Ferries and fords continued to be important even after the automobile became popular and the good roads movement generated a road-building program throughout the state. In 1919 the Daily Oklahoman reported on South Canadian River's condition and its affect on ferries at Union City, Mustang, and Newcastle. In 1923 a ferry existed in Oklahoma City at Thirty-ninth Street over the North Canadian River. In 1931 the Caddo Jake Ferry opened on the North Canadian River near El Reno. By this decade most ferries on major roads had been replaced by bridges. One exception was State Highway 34 ferry across the South Canadian River at Camargo in Dewey County. The ferry operator used a tractor and trailer to pull vehicles across when the water was too high or to free a car from the mud or sand. In 1954 the state finally erected a bridge at the location. This essentially ended Oklahoma's ferry industry.

SEE ALSO: HIGHWAYS, RIVERS AND CREEKS, TRANSPORTATION.

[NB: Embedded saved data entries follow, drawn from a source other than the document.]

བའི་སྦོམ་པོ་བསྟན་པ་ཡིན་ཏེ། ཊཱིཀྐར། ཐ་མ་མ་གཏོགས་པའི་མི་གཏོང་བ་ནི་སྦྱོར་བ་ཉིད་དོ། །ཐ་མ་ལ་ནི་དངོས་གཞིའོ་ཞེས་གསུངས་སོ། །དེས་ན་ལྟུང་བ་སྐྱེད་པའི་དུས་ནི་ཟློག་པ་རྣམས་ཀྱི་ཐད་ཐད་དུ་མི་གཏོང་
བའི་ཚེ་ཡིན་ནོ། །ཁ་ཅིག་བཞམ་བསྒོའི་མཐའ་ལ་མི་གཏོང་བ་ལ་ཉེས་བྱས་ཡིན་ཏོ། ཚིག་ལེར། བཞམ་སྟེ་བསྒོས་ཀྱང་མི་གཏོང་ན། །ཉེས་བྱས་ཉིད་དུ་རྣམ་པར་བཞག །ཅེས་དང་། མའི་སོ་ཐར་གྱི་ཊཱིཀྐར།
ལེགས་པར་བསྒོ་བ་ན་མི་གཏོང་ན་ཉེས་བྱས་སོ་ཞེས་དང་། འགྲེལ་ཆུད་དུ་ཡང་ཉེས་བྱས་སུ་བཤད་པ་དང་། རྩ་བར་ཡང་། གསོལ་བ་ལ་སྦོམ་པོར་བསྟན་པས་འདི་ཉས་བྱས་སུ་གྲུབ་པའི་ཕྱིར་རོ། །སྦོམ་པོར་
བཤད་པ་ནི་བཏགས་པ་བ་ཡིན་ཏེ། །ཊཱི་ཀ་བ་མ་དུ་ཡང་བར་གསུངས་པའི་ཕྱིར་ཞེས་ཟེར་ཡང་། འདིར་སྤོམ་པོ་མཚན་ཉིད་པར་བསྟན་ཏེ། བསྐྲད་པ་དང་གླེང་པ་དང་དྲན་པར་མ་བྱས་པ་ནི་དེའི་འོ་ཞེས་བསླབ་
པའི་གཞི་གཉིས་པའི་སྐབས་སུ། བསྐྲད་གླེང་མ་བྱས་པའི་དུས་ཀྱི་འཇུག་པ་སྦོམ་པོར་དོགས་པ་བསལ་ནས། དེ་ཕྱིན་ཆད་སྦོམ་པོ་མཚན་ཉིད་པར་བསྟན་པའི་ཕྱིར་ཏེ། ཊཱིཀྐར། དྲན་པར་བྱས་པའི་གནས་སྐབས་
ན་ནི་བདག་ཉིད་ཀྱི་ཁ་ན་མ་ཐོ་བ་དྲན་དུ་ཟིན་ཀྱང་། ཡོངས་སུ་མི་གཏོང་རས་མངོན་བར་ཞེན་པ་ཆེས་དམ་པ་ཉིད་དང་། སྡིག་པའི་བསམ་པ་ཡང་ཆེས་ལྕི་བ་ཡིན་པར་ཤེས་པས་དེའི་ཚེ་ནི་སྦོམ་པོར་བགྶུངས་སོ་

BIBLIOGRAPHY: Bernice Norman Crockett, "Across the Muddy Red," The Chronicles of Oklahoma 61 (Winter 1983 84). "Ferries," Vertical File, Research Division, Oklahoma Historical Society, Oklahoma City. Grant Foreman Collection, Box 15, Folders 13-17, Research Division, Oklahoma Historical Society, Oklahoma City. W. B. Morrison, "The Passing of the Ferryman," Daily Oklahoman (Oklahoma City), 5 January 1930. Muriel H. Wright, "Historic Places on the Old Stage Line From Fort Smith to Red River," The Chronicles of Oklahoma 11 (June 1933).